The reference signature of the healthy vehicle. A controlled, certified run that establishes the zero state against which the Kalman Filter will compare every future signal.

What it is

The Golden Run Protocol (GRP) is IN-SIGHT's proprietary operational methodology to capture, validate and certify the nominal health signature of a railway vehicle. It is the functional equivalent of a "health snapshot" taken when the vehicle is in optimal condition and freshly maintained.

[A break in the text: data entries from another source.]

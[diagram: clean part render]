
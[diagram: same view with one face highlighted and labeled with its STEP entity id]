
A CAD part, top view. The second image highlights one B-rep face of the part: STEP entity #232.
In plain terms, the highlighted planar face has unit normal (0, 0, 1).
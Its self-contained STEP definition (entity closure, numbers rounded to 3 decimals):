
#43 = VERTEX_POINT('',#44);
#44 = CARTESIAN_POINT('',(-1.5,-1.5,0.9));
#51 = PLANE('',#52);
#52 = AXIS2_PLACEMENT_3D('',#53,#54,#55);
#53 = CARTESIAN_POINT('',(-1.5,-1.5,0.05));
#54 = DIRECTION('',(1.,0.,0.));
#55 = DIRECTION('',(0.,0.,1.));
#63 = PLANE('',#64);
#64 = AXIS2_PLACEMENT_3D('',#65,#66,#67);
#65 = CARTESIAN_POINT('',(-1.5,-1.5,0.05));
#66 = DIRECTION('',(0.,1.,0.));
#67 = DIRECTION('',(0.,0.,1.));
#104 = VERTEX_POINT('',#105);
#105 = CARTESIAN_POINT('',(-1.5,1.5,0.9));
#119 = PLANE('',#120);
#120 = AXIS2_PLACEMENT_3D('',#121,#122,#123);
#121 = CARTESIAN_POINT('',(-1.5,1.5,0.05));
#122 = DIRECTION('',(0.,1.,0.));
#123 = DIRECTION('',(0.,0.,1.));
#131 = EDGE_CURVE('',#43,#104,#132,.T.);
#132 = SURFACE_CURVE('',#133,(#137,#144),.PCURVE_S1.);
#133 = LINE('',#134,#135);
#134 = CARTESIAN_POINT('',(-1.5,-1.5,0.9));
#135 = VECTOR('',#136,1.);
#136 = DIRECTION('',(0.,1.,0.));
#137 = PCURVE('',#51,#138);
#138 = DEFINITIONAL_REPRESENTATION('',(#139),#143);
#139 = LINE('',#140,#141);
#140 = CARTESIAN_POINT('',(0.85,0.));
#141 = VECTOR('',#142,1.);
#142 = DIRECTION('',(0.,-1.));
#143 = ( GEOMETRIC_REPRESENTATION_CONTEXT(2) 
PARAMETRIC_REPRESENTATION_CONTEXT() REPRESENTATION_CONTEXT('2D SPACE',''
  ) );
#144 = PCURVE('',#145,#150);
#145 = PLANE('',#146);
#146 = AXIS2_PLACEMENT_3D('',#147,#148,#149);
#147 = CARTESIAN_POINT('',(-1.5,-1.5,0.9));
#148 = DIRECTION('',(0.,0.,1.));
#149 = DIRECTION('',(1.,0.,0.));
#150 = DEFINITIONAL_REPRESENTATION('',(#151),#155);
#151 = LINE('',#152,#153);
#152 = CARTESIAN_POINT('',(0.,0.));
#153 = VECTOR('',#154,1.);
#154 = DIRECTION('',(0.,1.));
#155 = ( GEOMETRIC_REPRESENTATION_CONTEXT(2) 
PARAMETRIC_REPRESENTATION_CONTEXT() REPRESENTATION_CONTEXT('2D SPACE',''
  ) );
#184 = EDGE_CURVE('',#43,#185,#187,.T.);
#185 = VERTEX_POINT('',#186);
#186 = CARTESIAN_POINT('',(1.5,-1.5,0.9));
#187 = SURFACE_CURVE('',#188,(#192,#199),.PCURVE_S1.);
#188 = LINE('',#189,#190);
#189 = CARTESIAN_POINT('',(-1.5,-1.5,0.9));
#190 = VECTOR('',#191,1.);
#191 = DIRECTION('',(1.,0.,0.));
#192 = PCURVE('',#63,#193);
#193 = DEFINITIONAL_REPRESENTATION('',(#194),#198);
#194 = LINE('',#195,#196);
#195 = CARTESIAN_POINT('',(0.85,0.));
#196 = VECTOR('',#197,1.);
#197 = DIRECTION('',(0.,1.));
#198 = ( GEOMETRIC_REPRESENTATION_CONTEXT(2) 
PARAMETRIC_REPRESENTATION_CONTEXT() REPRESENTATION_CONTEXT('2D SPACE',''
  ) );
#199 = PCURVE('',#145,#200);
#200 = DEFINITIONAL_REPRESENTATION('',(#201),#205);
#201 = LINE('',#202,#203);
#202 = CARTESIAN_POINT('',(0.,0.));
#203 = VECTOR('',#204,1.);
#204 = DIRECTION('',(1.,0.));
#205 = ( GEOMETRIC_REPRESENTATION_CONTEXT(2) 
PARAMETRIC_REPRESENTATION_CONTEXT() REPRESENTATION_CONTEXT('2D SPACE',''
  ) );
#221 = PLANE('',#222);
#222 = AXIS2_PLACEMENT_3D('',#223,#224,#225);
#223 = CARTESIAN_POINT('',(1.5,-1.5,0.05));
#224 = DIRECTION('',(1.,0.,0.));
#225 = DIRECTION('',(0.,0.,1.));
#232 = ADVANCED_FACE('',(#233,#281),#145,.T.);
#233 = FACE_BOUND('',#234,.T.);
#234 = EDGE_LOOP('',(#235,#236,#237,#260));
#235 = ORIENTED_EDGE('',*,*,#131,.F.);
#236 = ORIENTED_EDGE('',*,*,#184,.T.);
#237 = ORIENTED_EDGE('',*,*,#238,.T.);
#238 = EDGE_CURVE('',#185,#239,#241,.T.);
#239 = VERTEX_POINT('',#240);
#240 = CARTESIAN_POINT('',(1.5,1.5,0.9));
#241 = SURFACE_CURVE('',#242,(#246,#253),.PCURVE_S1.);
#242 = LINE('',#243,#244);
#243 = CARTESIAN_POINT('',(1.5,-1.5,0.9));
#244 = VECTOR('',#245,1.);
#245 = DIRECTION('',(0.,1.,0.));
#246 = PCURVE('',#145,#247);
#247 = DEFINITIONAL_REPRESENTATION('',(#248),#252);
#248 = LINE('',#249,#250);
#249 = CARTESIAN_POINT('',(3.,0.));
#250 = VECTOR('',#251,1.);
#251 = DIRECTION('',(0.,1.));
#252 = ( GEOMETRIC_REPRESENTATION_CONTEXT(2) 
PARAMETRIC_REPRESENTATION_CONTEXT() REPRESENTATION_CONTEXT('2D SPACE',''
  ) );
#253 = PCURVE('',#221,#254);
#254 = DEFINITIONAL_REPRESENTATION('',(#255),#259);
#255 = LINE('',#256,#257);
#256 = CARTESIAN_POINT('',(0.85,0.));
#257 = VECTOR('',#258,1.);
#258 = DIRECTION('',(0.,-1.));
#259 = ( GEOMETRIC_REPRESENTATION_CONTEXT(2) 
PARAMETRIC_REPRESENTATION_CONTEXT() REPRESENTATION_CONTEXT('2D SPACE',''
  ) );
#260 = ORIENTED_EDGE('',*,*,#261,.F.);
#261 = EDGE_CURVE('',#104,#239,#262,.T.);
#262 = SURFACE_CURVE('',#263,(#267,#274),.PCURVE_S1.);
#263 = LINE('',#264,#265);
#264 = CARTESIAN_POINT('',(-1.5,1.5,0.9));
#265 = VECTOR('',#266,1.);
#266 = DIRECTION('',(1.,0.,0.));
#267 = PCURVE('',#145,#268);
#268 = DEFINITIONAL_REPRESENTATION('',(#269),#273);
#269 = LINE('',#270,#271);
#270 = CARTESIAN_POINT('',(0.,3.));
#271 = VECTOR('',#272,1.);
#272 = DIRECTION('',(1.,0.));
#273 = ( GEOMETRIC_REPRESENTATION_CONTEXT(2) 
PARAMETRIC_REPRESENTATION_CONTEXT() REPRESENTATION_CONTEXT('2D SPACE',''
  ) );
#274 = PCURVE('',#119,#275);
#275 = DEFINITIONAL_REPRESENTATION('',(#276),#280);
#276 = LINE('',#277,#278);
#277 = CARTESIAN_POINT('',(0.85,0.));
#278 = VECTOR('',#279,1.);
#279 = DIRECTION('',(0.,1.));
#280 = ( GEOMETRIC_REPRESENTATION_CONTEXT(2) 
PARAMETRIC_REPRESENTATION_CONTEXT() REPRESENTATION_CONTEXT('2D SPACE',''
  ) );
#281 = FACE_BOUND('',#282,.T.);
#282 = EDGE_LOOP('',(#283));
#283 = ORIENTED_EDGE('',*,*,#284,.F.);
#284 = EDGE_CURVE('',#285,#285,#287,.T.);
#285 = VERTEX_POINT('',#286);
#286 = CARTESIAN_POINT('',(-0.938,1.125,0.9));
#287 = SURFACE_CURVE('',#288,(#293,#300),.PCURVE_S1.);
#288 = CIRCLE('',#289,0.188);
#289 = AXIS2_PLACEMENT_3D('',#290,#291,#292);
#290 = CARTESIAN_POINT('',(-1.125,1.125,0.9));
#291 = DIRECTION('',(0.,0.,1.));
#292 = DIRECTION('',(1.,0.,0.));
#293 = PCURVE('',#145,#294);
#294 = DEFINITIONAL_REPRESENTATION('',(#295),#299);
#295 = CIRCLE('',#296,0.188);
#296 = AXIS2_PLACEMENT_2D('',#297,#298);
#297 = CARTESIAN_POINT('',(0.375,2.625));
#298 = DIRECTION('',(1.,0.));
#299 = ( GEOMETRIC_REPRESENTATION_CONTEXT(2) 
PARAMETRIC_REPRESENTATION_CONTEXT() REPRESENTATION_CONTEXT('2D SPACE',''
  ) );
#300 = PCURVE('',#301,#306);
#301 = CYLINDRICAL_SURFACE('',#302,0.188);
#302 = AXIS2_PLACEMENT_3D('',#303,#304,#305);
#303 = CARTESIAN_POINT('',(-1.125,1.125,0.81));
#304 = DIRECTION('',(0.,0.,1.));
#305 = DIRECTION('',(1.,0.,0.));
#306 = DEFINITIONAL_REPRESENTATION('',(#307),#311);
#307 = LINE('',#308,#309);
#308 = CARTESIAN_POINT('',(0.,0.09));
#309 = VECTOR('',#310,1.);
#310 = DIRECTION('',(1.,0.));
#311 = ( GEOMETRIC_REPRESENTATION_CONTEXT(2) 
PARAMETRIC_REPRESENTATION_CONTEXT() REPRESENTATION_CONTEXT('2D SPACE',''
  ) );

Without a valid Golden Run, the system cannot operate in detection mode: the Kalman Filter needs that reference state (x₀, P₀) to calibrate itself. The GRP is therefore the entry condition to the IN-SIGHT system for each vehicle and defines the quality of all future diagnoses.

The protocol's philosophy is based on the concept of a personalised baseline: instead of comparing the vehicle against manufacturer nominal values (which reflect neither accumulated wear nor the individual peculiarities of each unit), IN-SIGHT compares each vehicle against itself in its best known state.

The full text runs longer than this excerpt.